Aim of the exercise ▸
Please give the entries again in full and exactly, without any picture.

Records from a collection

::::::::

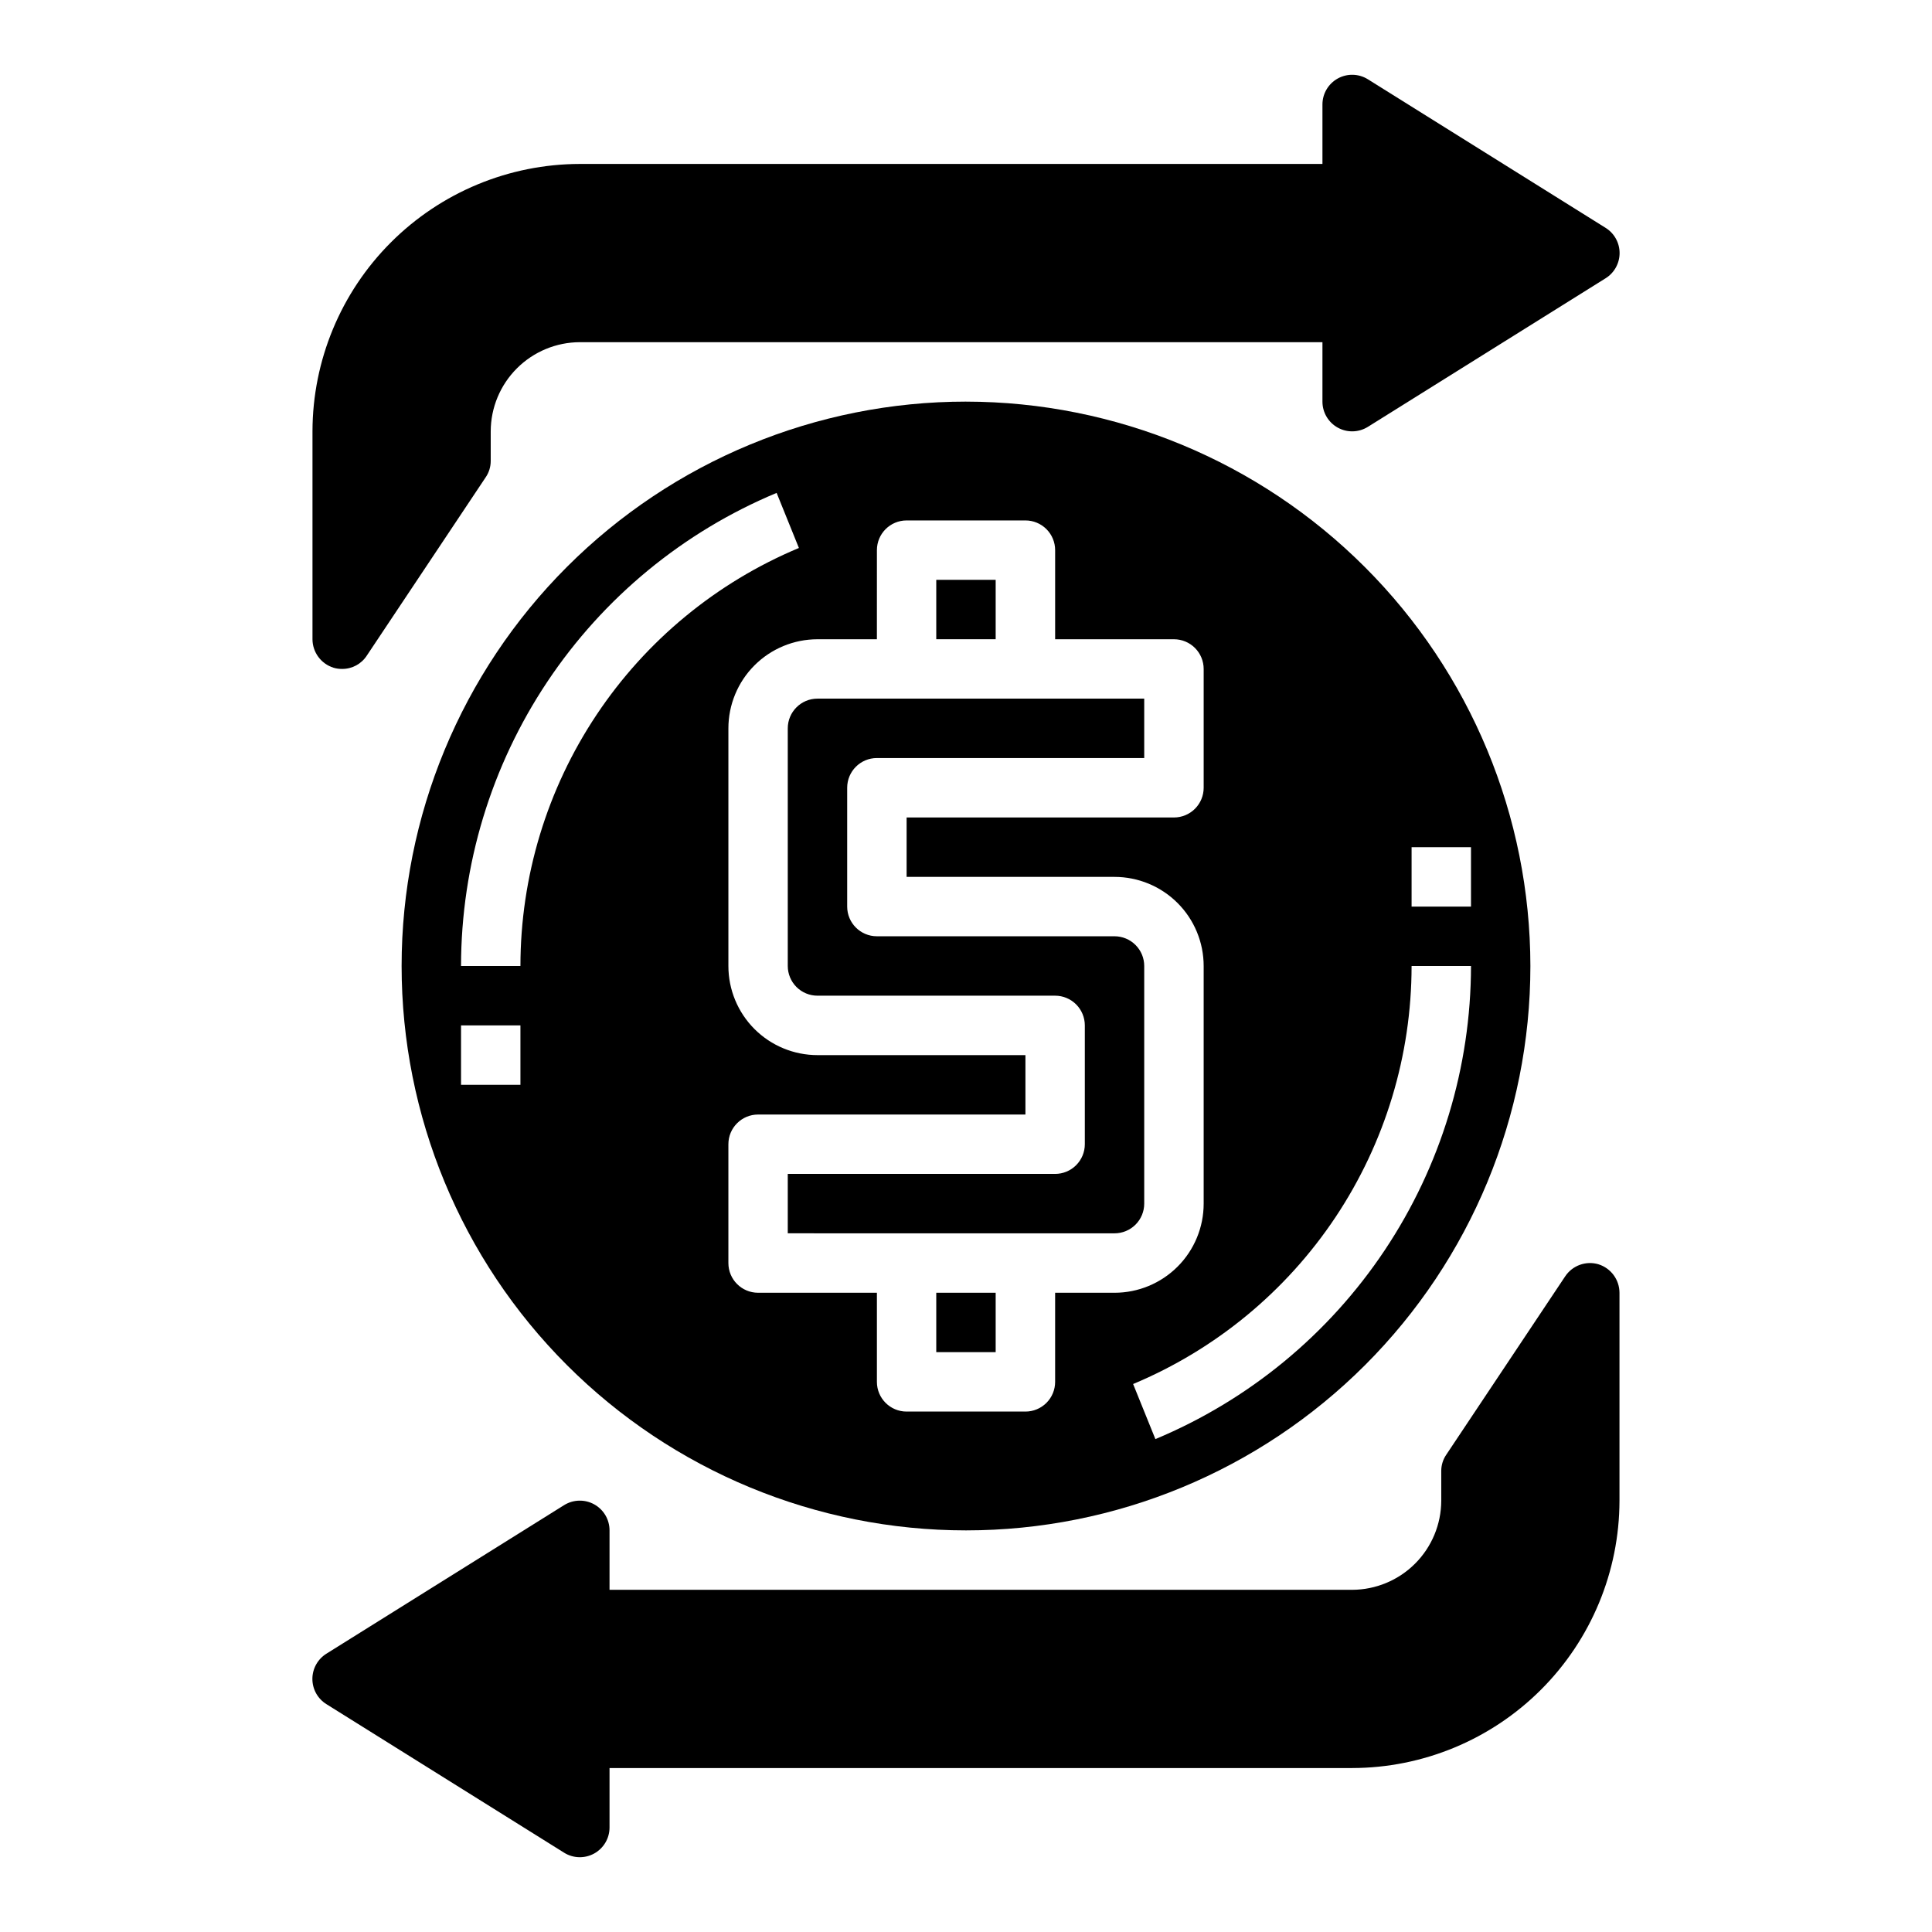 <?xml version="1.0" encoding="UTF-8"?>
<!-- Uploaded to: SVG Repo, www.svgrepo.com, Generator: SVG Repo Mixer Tools -->
<svg fill="#000000" width="800px" height="800px" version="1.1" viewBox="144 144 512 512" xmlns="http://www.w3.org/2000/svg">
 <g>
  <path d="m392.12 486.59h15.742v15.742h-15.742z"/>
  <path d="m439.36 392.12h-62.977c-4.348 0-7.871-3.523-7.871-7.871v-31.488c0-4.348 3.523-7.871 7.871-7.871h70.848v-15.746h-86.594c-4.348 0-7.871 3.527-7.871 7.875v62.977c0 2.086 0.832 4.09 2.305 5.566 1.477 1.477 3.481 2.305 5.566 2.305h62.977c2.09 0 4.09 0.828 5.566 2.305 1.477 1.477 2.309 3.481 2.309 5.566v31.488c0 2.09-0.832 4.09-2.309 5.566-1.477 1.477-3.477 2.305-5.566 2.305h-70.848v15.742l86.594 0.004c2.086 0 4.09-0.832 5.566-2.305 1.477-1.477 2.305-3.481 2.305-5.566v-62.977c0-2.09-0.828-4.09-2.305-5.566-1.477-1.477-3.481-2.309-5.566-2.309z"/>
  <path d="m392.12 297.66h15.742v15.742h-15.742z"/>
  <path d="m400 250.43c-39.668 0-77.711 15.758-105.76 43.809s-43.809 66.094-43.809 105.76 15.758 77.711 43.809 105.76c28.051 28.051 66.094 43.809 105.76 43.809s77.711-15.758 105.76-43.809c28.051-28.047 43.809-66.09 43.809-105.76-0.043-39.656-15.816-77.676-43.855-105.71-28.039-28.039-66.059-43.812-105.71-43.855zm-118.08 181.06h-15.742v-15.746h15.742zm0-31.488h-15.742c0.031-26.816 7.984-53.027 22.867-75.332 14.883-22.309 36.023-39.719 60.77-50.047l5.902 14.594h0.004c-21.852 9.137-40.516 24.527-53.645 44.238-13.133 19.711-20.145 42.863-20.156 66.547zm141.7 86.59v23.617c0 2.086-0.828 4.09-2.305 5.566-1.477 1.477-3.477 2.305-5.566 2.305h-31.488c-4.348 0-7.871-3.523-7.871-7.871v-23.617h-31.488c-4.348 0-7.871-3.523-7.871-7.871v-31.488c0-4.348 3.523-7.871 7.871-7.871h70.848v-15.746h-55.105c-6.262 0-12.27-2.488-16.699-6.914-4.426-4.43-6.914-10.438-6.914-16.699v-62.977c0-6.266 2.488-12.27 6.914-16.699 4.43-4.43 10.438-6.918 16.699-6.918h15.742l0.004-23.617c0-4.348 3.523-7.871 7.871-7.871h31.488c2.09 0 4.09 0.828 5.566 2.305 1.477 1.477 2.305 3.481 2.305 5.566v23.617h31.488c2.09 0 4.09 0.828 5.566 2.305 1.477 1.477 2.309 3.481 2.309 5.566v31.488c0 2.09-0.832 4.09-2.309 5.566-1.477 1.477-3.477 2.305-5.566 2.305h-70.848v15.742h55.105v0.004c6.262 0 12.27 2.488 16.699 6.918 4.43 4.426 6.918 10.434 6.918 16.699v62.977c0 6.262-2.488 12.27-6.918 16.695-4.43 4.43-10.438 6.918-16.699 6.918zm94.465-118.08h15.742v15.742h-15.742zm15.742 31.488h0.004c-0.031 26.812-7.988 53.023-22.871 75.328-14.879 22.309-36.023 39.719-60.77 50.047l-5.902-14.594h-0.004c21.852-9.137 40.516-24.527 53.648-44.234 13.129-19.711 20.141-42.863 20.152-66.547z"/>
  <path d="m232.4 320.96c0.742 0.219 1.512 0.324 2.285 0.312 2.637 0.012 5.102-1.324 6.531-3.543l31.488-47.23c0.875-1.273 1.344-2.785 1.34-4.328v-7.875c0.02-6.258 2.512-12.254 6.938-16.676 4.426-4.426 10.422-6.922 16.68-6.938h196.8v15.742c-0.004 2.863 1.547 5.508 4.051 6.898 2.504 1.391 5.566 1.312 7.996-0.207l62.977-39.359c2.316-1.438 3.723-3.969 3.723-6.691 0-2.727-1.406-5.258-3.723-6.691l-62.977-39.359c-2.43-1.52-5.492-1.598-7.996-0.207-2.504 1.391-4.055 4.031-4.051 6.898v15.742h-196.8c-18.781 0.031-36.785 7.504-50.066 20.785-13.281 13.277-20.754 31.281-20.785 50.062v55.105c0.012 3.469 2.277 6.531 5.59 7.559z"/>
  <path d="m567.59 479.04c-3.328-0.973-6.902 0.336-8.816 3.227l-31.488 47.23c-0.875 1.273-1.344 2.785-1.34 4.332v7.871c-0.016 6.258-2.512 12.254-6.938 16.68-4.422 4.422-10.418 6.918-16.676 6.938h-196.8v-15.746c0.004-2.863-1.547-5.504-4.051-6.898-2.504-1.391-5.566-1.309-7.996 0.207l-62.977 39.359h0.004c-2.316 1.438-3.727 3.969-3.727 6.691 0 2.727 1.41 5.258 3.727 6.691l62.977 39.359h-0.004c2.43 1.52 5.492 1.598 7.996 0.207s4.055-4.031 4.051-6.894v-15.746h196.8c18.781-0.027 36.785-7.504 50.062-20.781 13.281-13.281 20.754-31.285 20.785-50.066v-55.105c-0.012-3.469-2.273-6.531-5.59-7.555z"/>
 </g>
</svg>

::::::::

Reply ▸
 <?xml version="1.0" encoding="UTF-8"?>
<!-- Uploaded to: SVG Repo, www.svgrepo.com, Generator: SVG Repo Mixer Tools -->
<svg fill="#000000" width="800px" height="800px" version="1.1" viewBox="144 144 512 512" xmlns="http://www.w3.org/2000/svg">
 <g>
  <path d="m392.12 486.59h15.742v15.742h-15.742z"/>
  <path d="m439.36 392.12h-62.977c-4.348 0-7.871-3.523-7.871-7.871v-31.488c0-4.348 3.523-7.871 7.871-7.871h70.848v-15.746h-86.594c-4.348 0-7.871 3.527-7.871 7.875v62.977c0 2.086 0.832 4.09 2.305 5.566 1.477 1.477 3.481 2.305 5.566 2.305h62.977c2.09 0 4.09 0.828 5.566 2.305 1.477 1.477 2.309 3.481 2.309 5.566v31.488c0 2.09-0.832 4.09-2.309 5.566-1.477 1.477-3.477 2.305-5.566 2.305h-70.848v15.742l86.594 0.004c2.086 0 4.09-0.832 5.566-2.305 1.477-1.477 2.305-3.481 2.305-5.566v-62.977c0-2.09-0.828-4.09-2.305-5.566-1.477-1.477-3.481-2.309-5.566-2.309z"/>
  <path d="m392.12 297.66h15.742v15.742h-15.742z"/>
  <path d="m400 250.43c-39.668 0-77.711 15.758-105.76 43.809s-43.809 66.094-43.809 105.76 15.758 77.711 43.809 105.76c28.051 28.051 66.094 43.809 105.76 43.809s77.711-15.758 105.76-43.809c28.051-28.047 43.809-66.09 43.809-105.76-0.043-39.656-15.816-77.676-43.855-105.71-28.039-28.039-66.059-43.812-105.71-43.855zm-118.08 181.06h-15.742v-15.746h15.742zm0-31.488h-15.742c0.031-26.816 7.984-53.027 22.867-75.332 14.883-22.309 36.023-39.719 60.77-50.047l5.902 14.594h0.004c-21.852 9.137-40.516 24.527-53.645 44.238-13.133 19.711-20.145 42.863-20.156 66.547zm141.7 86.59v23.617c0 2.086-0.828 4.09-2.305 5.566-1.477 1.477-3.477 2.305-5.566 2.305h-31.488c-4.348 0-7.871-3.523-7.871-7.871v-23.617h-31.488c-4.348 0-7.871-3.523-7.871-7.871v-31.488c0-4.348 3.523-7.871 7.871-7.871h70.848v-15.746h-55.105c-6.262 0-12.27-2.488-16.699-6.914-4.426-4.43-6.914-10.438-6.914-16.699v-62.977c0-6.266 2.488-12.27 6.914-16.699 4.43-4.43 10.438-6.918 16.699-6.918h15.742l0.004-23.617c0-4.348 3.523-7.871 7.871-7.871h31.488c2.09 0 4.09 0.828 5.566 2.305 1.477 1.477 2.305 3.481 2.305 5.566v23.617h31.488c2.09 0 4.09 0.828 5.566 2.305 1.477 1.477 2.309 3.481 2.309 5.566v31.488c0 2.09-0.832 4.09-2.309 5.566-1.477 1.477-3.477 2.305-5.566 2.305h-70.848v15.742h55.105v0.004c6.262 0 12.27 2.488 16.699 6.918 4.43 4.426 6.918 10.434 6.918 16.699v62.977c0 6.262-2.488 12.27-6.918 16.695-4.43 4.43-10.438 6.918-16.699 6.918zm94.465-118.08h15.742v15.742h-15.742zm15.742 31.488h0.004c-0.031 26.812-7.988 53.023-22.871 75.328-14.879 22.309-36.023 39.719-60.77 50.047l-5.902-14.594h-0.004c21.852-9.137 40.516-24.527 53.648-44.234 13.129-19.711 20.141-42.863 20.152-66.547z"/>
  <path d="m232.4 320.96c0.742 0.219 1.512 0.324 2.285 0.312 2.637 0.012 5.102-1.324 6.531-3.543l31.488-47.23c0.875-1.273 1.344-2.785 1.34-4.328v-7.875c0.02-6.258 2.512-12.254 6.938-16.676 4.426-4.426 10.422-6.922 16.68-6.938h196.8v15.742c-0.004 2.863 1.547 5.508 4.051 6.898 2.504 1.391 5.566 1.312 7.996-0.207l62.977-39.359c2.316-1.438 3.723-3.969 3.723-6.691 0-2.727-1.406-5.258-3.723-6.691l-62.977-39.359c-2.43-1.52-5.492-1.598-7.996-0.207-2.504 1.391-4.055 4.031-4.051 6.898v15.742h-196.8c-18.781 0.031-36.785 7.504-50.066 20.785-13.281 13.277-20.754 31.281-20.785 50.062v55.105c0.012 3.469 2.277 6.531 5.59 7.559z"/>
  <path d="m567.59 479.04c-3.328-0.973-6.902 0.336-8.816 3.227l-31.488 47.23c-0.875 1.273-1.344 2.785-1.34 4.332v7.871c-0.016 6.258-2.512 12.254-6.938 16.68-4.422 4.422-10.418 6.918-16.676 6.938h-196.8v-15.746c0.004-2.863-1.547-5.504-4.051-6.898-2.504-1.391-5.566-1.309-7.996 0.207l-62.977 39.359h0.004c-2.316 1.438-3.727 3.969-3.727 6.691 0 2.727 1.41 5.258 3.727 6.691l62.977 39.359h-0.004c2.43 1.52 5.492 1.598 7.996 0.207s4.055-4.031 4.051-6.894v-15.746h196.8c18.781-0.027 36.785-7.504 50.062-20.781 13.281-13.281 20.754-31.285 20.785-50.066v-55.105c-0.012-3.469-2.273-6.531-5.59-7.555z"/>
 </g>
</svg>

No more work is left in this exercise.